Katie Bethune-Leamen
The Hooded Slang
October 30 – December 4, 2010

Katie Bethune-Leamen is another of the PreView artists whose solo exhibition takes place this year. Bethune-Leamen’s art practice includes sculpture, video, sound, installation, painting and construction. She has exhibited widely in public galleries across Canada and beyond. Bethune-Leamen’s concerns reflect social issues and the relationships between pop culture, being an artist, the role of art and its contributions to a greater history, our relationship to the natural world as well as to each other. The complexity of her intellectual ideas mimics the complexities of life itself, but she is able to filter all these thoughts into succinct and often humorous imagery.

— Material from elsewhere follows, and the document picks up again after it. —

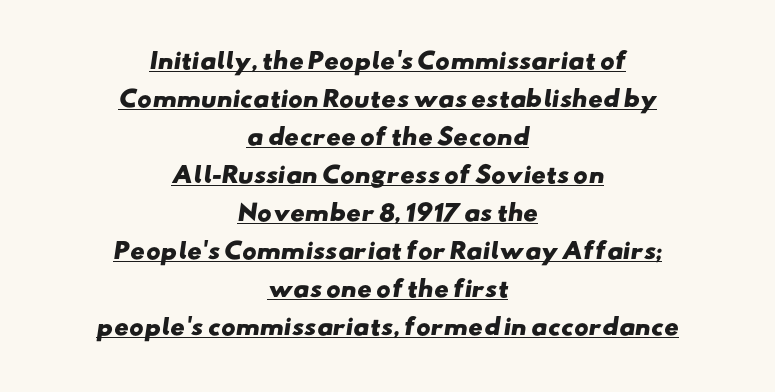
These lines carry a lot of weight — the face is fully bold. A typesetter would call this zero additional tracking. Notice how the passage keeps no hard edge, just a central spine. The specimen includes a rule beneath the text block's lines.

In this exhibition she will include video, sculpture and painting, which she has created in response to historical events, Hollywood special effects and her social conscience. The work investigates the life of 19th century American explorer Robert Peary who travelled to Greenland where he found meteorites, which he later brought back to the United States. In combination with these meteorite works, other pieces in the exhibition explore formal instances of hooded and ghost-costumed figures. These figures form a sculptural counterpoint--where a meteorite is a weighty substance, hoods and ghost costumes allude to forms, yet occlude them.

Images 2010/2011
December 9, 2010 – January, 2011
This annual exhibition features the work of the graduating art students from Stouffville District Secondary School. You will see their creativity and talent in a variety of media including painting, drawing, photography and sculpture. The students work with the gallery’s Curator throughout their semester learning the behind-the-scenes of organizing an exhibition and understanding how a public art gallery works. The students are not only the artists in this exhibition, but they also create the promotional material, organize the opening event, install the work and light the exhibition.